The set temperature at which the overcurrent prevention circuit is cut off by the heat generated by the PTC element can be adapted to various specifications by changing the melting temperature of the solder or the solder or the material of the bimetal member. In particular, if the temperature sensing means and the contact breaking member of the overcurrent prevention circuit are formed by using solder or an elastic member, there is an advantage that it can be formed by a general inexpensive member and can be manufactured at lower cost.

[Brief description of the drawings]

FIG. 1 is an example of a compressor motor drive circuit for a refrigerator to which a motor control device according to the present invention is applied.

2A is a configuration diagram illustrating an embodiment of a motor control device according to the present invention, FIG. 2B is a partial view thereof, and FIG. 2C is a configuration diagram illustrating an operation state thereof.

FIG. 3 is a plan view of the motor control device according to the present embodiment.
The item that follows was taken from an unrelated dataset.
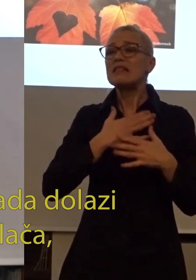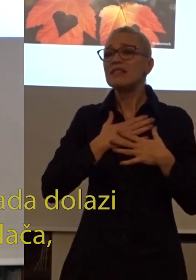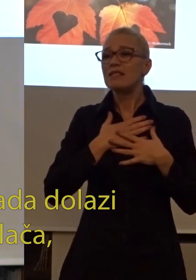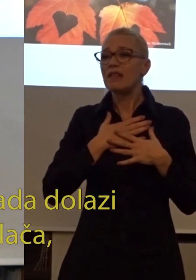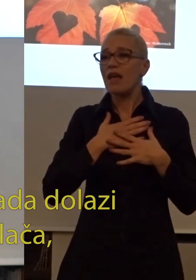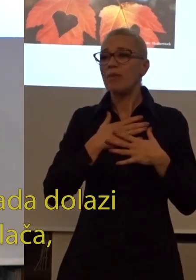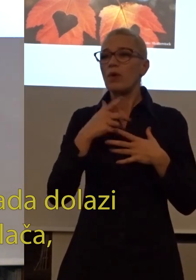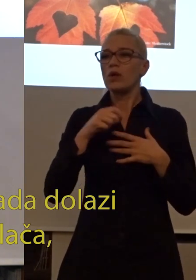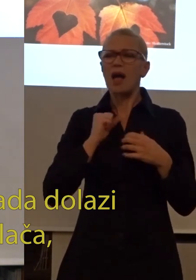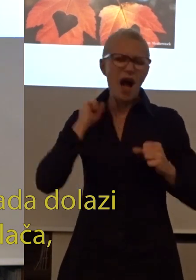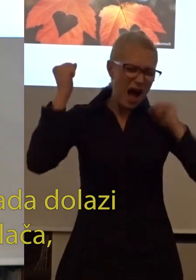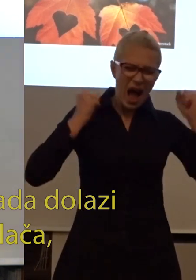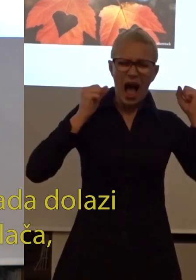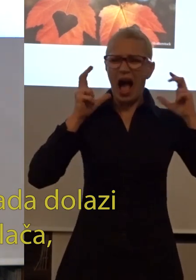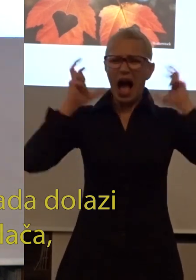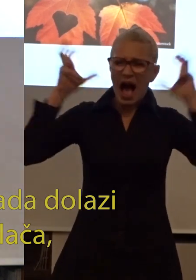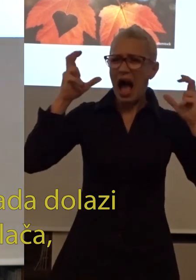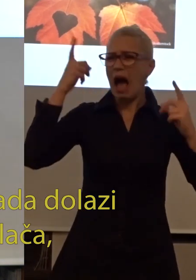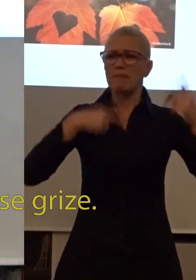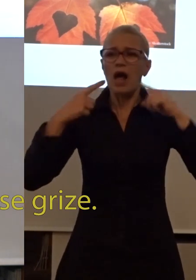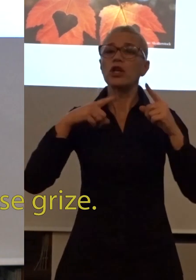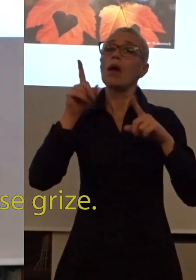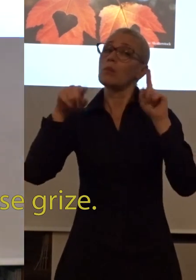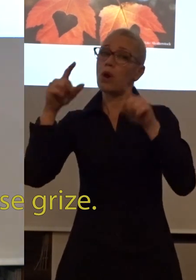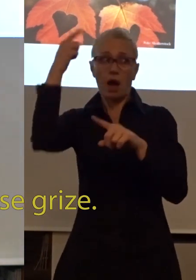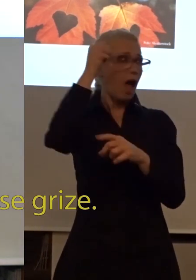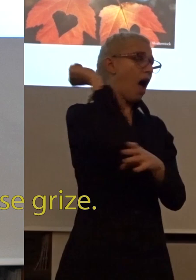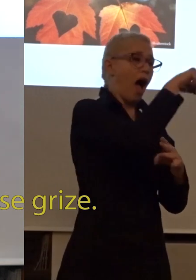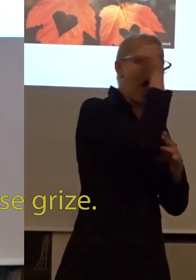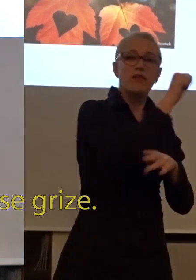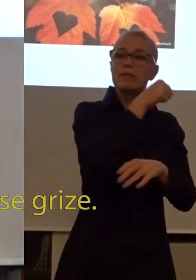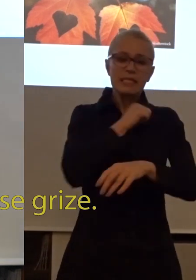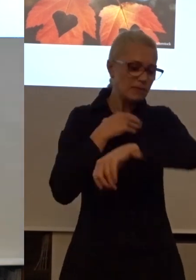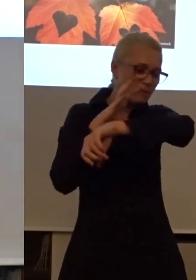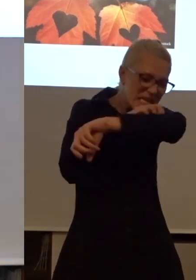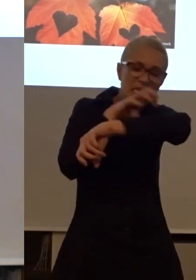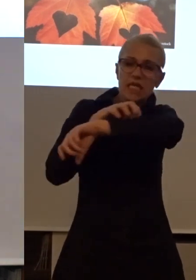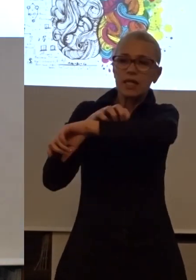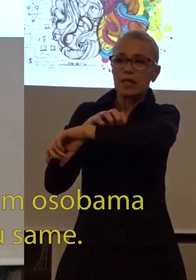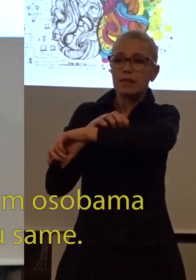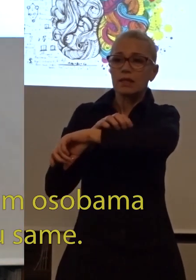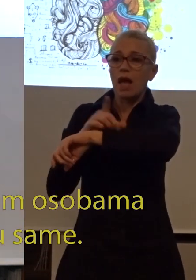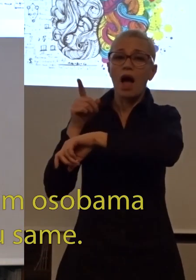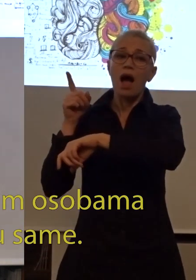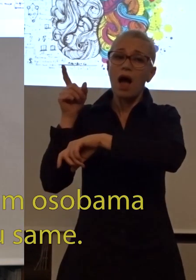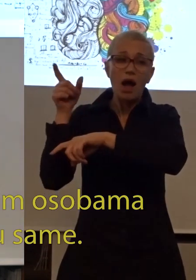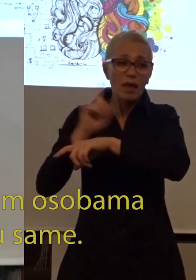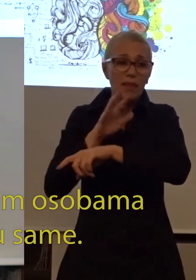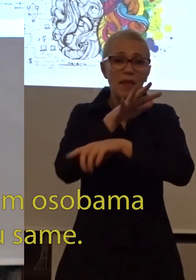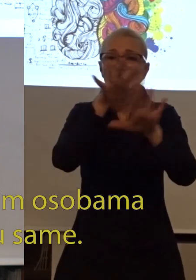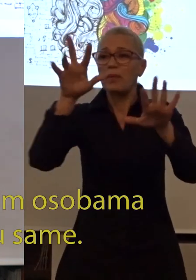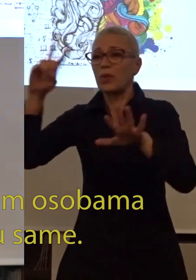i tada dolazi do napada besa, plača, neku udara glavom ili se grize. Još jedna
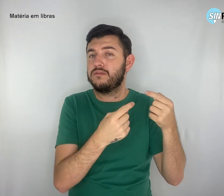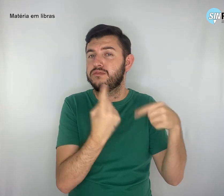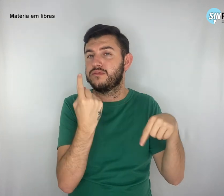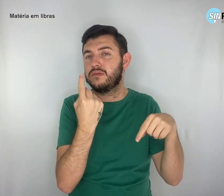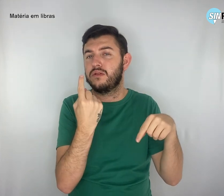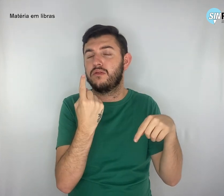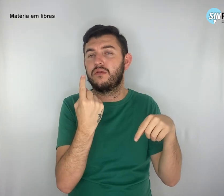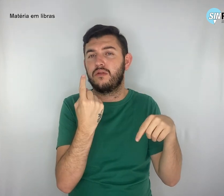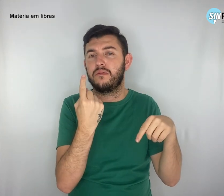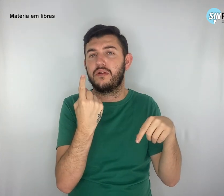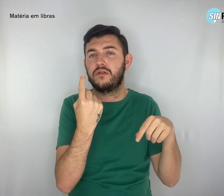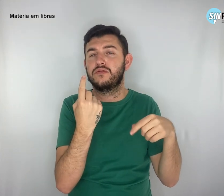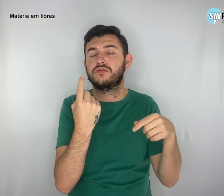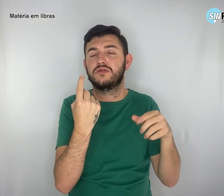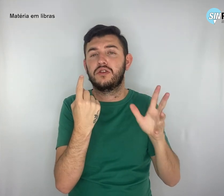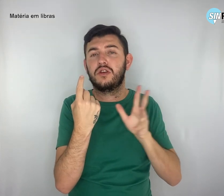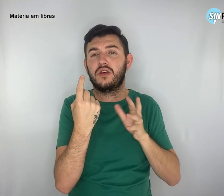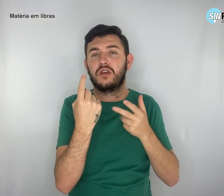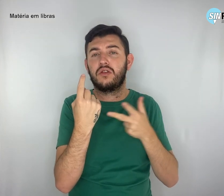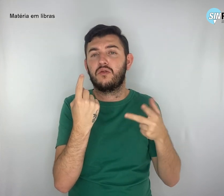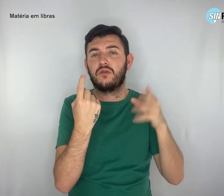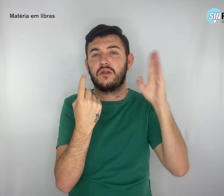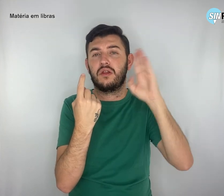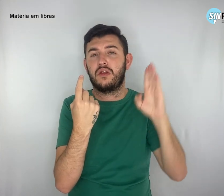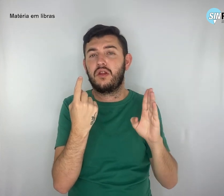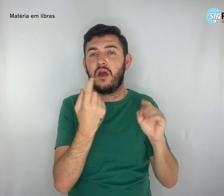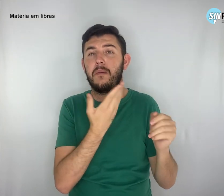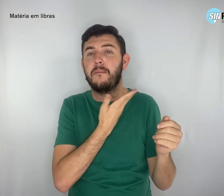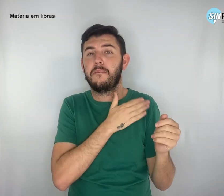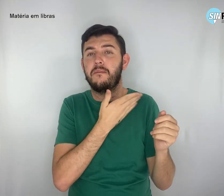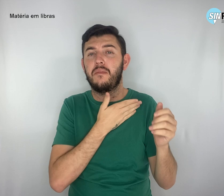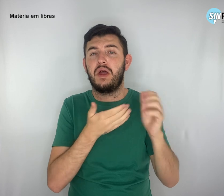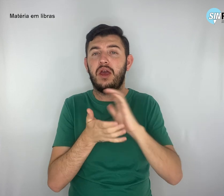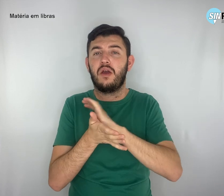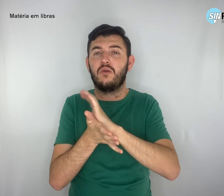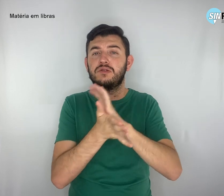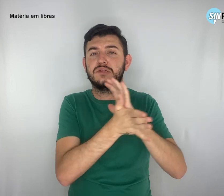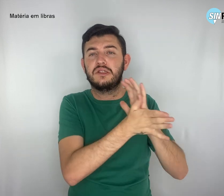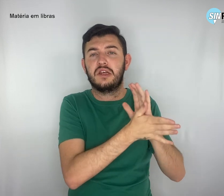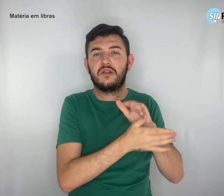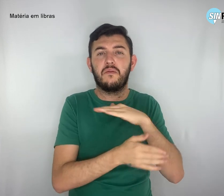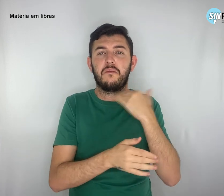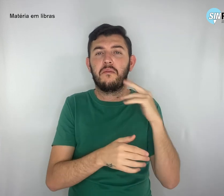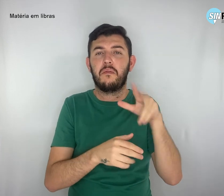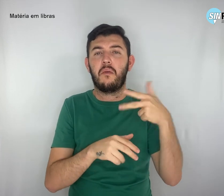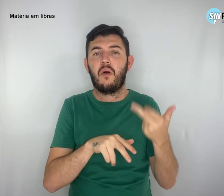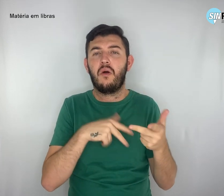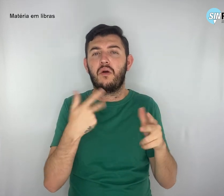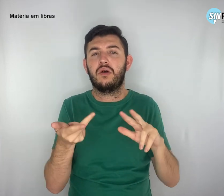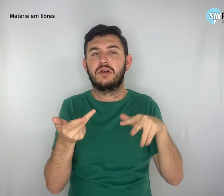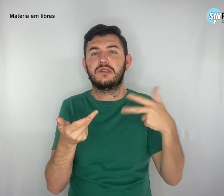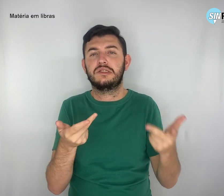riquezas nacionais, preconceitos, mortes e todo tipo de discriminação,

FIG. 4A is a configuration diagram showing another embodiment of the motor control device according to the present invention, and FIG. 4B is a configuration diagram showing an operation state thereof.

5A is a configuration diagram showing another embodiment of the motor control device according to the present invention, FIG. 5B is a cross-sectional view showing a bimetal member thereof, and FIG. 5C is a configuration diagram showing an operation state thereof. .

FIG. 6A is a configuration diagram showing another embodiment of the motor control device according to the present invention, and FIG. 6B is a configuration diagram showing an operation state thereof.

[Explanation of symbols]

1: stator winding, 2: commercial power supply, 3: running capacitor, 4: motor control device, 5: PTC element, 6: overcurrent prevention circuit, 7: heating element, 8: contact, 9: bimetal member, 10 : Temperature sensing means, 11, 11A: elastic member, 1
2: solder (temperature sensing means), 13: case, 14: receiving member, 15: bimetal member, 16: stopper, 17:
Bimetal member, 19: elastic member

Continuation of the front page (51) Int.Cl. ⁷ Identification symbol FI Theme coat II (reference) H02H 9/02 H02H 9/02 B 5H013 H02K 11/00 H02P 1/44 5H611 H02P 1/44 H02K 11/00 EF term (Reference) 5G013 AA01 AA04 AA13 BA01 CA02 5G041 AA13 BB03 BB08 CA04 DA01 DB03 DB07 DC02 DC08 DD03 5G044 AA04 AB01 AC01 AE01 CA01 CA03 CA11 CC02 CD02 CE05 5G502 AA02 BE09 EE05 FF04 5H001 AA05 AB02 A070501 TT01 UA01

Claims (4)

[Claims] 1. A motor control device comprising: a PTC element for controlling a starting current of a motor; and a motor overcurrent prevention circuit, comprising: a temperature sensing means for the PTC element; and a set temperature of the temperature sensing means. A motor control device having a configuration for shutting off the contact of the overcurrent prevention circuit and maintaining the cutoff state by the alteration or deformation described above. 2. The elastic member fixed by the solder or the wax according to claim 1, wherein the temperature sensing means is a solder or a wax, and the solder or the wax melts at a temperature equal to or higher than the set temperature to deform the elastic member fixed by the solder or the wax. A motor control device having a configuration for interrupting a contact of the overcurrent prevention circuit. 3. The overcurrent prevention circuit according to claim 1, wherein the temperature sensing means is a bimetal member, and the bimetal member is deformed by the rise in temperature, whereby fixing of the elastic member by the bimetal member is released. A motor control device having a configuration for interrupting the contact of the motor. 4. The bimetal member according to claim 1, wherein the temperature sensing means is a bimetal member, and the bimetal member is deformed by the rise in temperature, thereby breaking a contact of the overcurrent prevention circuit and a stopper. A motor control device for maintaining a cut-off state of a circuit by locking the motor.